The meatloaf was, as I said, good at first. When I got down to the bottom of it, I ran into a wall. A wall of burnt meat. Since I had plenty more to eat I just pushed the charred loaf into the growing landfill along with the pasta.
The kraut was fine, just like mom used to open a can and boil. They seemed to know the trick of drizzling a little sugar on it as well.
Adam and Angel finished quickly and made their second round. I poked through the little I had left and took notice of another family. Mom, dad, teenage daughter, and two younger girls, grade-school age. There was nothing unusual or freakish about the family itself, it was their food that grabbed my attention. The teen was pulling pink strands from a full stick of cotton candy. I shuddered at the thought of that much sugar.

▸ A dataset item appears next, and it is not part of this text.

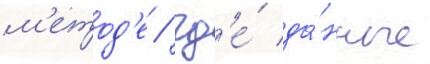
м'етод'е / гд'е́ да́нные
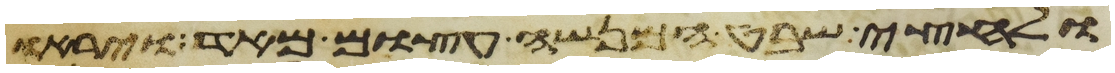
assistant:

I didn’t know how long they’d been there, how many nutritious rounds there may have been, but all I saw on the table were desserts. The little girls were sucking on chocolate ice cream cones, the dad was sitting behind a plated tart of some kind. Mom returned to the table with a plate full of strawberries, all chocolate covered from the Corral's much ballyhooed 'Chocolate Wonderfall' fountain. She passed those around to her flock of princesses. Dad seemed amused, I suppose since the dentist’s bill hadn’t arrived yet.
Over the course of the next half hour the girls had even more ice cream, more strawberries and a second round of cotton candy. Angel told me to stop judging them. Too late.

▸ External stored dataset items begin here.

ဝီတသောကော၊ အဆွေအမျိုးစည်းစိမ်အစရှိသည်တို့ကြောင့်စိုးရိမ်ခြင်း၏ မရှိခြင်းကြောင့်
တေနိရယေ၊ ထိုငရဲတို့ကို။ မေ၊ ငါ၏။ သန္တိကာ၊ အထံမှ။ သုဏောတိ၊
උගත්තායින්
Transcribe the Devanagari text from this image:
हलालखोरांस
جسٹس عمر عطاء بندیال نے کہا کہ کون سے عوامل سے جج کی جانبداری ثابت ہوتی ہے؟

My first plate was about half full of tried and rejected samples, I really hadn’t eaten all that much. My second round consisted only of a small baked potato with toppings, and some more bourbon street chicken. Adam had picked up some of the sesame chicken, tasted it, thought about it and said “I think they used orange zest.” Which shocked Angel because she thought he'd said “I think it’s possessed.” After we finally straightened her out we settled into dessert choices. After watching the sugared up family I knew I didn’t want something that severe. Angel told me again to stop staring at them. The teen girl was picking her teeth with one of the strawberry’s skewers. How can you not watch that?
Between us we had brownies, fudge (not my choice) and primarily, for me, banana pudding. I had to mine for the pudding, there was so much whipped cream on it that I had to tunnel under it to get to the pudding part. I don’t care for whipped cream on food, though I hear, just hear mind you, that it’s not so bad on strippers.
The fudge was decent, but way too rich. The brownies, not bad at all.
Sure, there were things that weren’t perfect, or even particularly well made. Don’t get the wrong idea though. The major selling point of a good buffet is that you can create your own meal. If tonight’s meatloaf wasn’t ideal, then just go for something else. If you get a bad meal at Golden Corral it’s ultimately your own fault. There’s plenty there to choose from, as big a variety as you’ll find anywhere on the planet. Angel couldn’t say enough about the steak, Adam loves the place in general, and I’ve never left hungry. On this night I deliberately sampled more than I was actually desired due to my ongoing effort to better inform you, the fans. I strongly recommend that you sample first, then go in for the kill. Also be certain to overeat. It’s a buffet, there’s no reward or discount for being gastronomically frugal. It is also possible to construct a balanced, nutritional meal that does not exceed whatever diet plan you may subscribe to. Yes, you theoretically can have a balanced meal there, not that there is any actual evidence that this has ever been attempted.
*Pepsi Max. A Pepsi product that contains no sugar but contains twice the caffeine of regular Pepsi. When you just want a sodium-fueled, pulse-blasting buzz, but not the calories.